▶ **Exercise description**
Pick out all lines with the word "منشیات" from the records that follow.

▶ **Data shown**
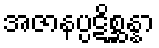
အဇာနပ္ပဋိစ္ဆန္နာ
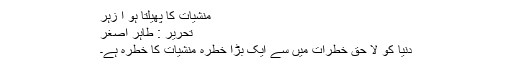
منشیات کا پھیلتا ہو ا زہر
تحریر : طاہر اصغر
دنیا کو لا حق خطرات میں سے ایک بڑا خطرہ منشیات کا خطرہ ہے۔
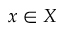
x \in X
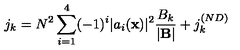
j _ { k } = N ^ { 2 } \sum _ { i = 1 } ^ { 4 } ( - 1 ) ^ { i } | a _ { i } ( { \bf x } ) | ^ { 2 } \frac { B _ { k } } { | { \bf B } | } + j _ { k } ^ { ( N D ) }
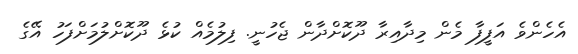
އެހެންވެ އަފީފާ މެން މިދާއިރާ ދޫކޮށްދާން ޖެހުނީ. ފިލުމެއް ކުޅެ ދޫކޮށްލުމަށްފަހު އޭގެ
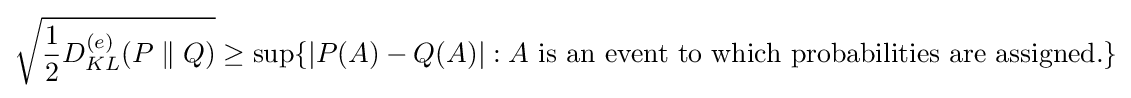
{\sqrt {{\frac {1}{2}}D_{KL}^{(e)}(P\parallel Q)}}\geq \sup\{|P(A)-Q(A)|:A{\text{ is an event to which probabilities are assigned.}}\}

▶ **Response area**
منشیات کا پھیلتا ہو ا زہر
دنیا کو لا حق خطرات میں سے ایک بڑا خطرہ منشیات کا خطرہ ہے۔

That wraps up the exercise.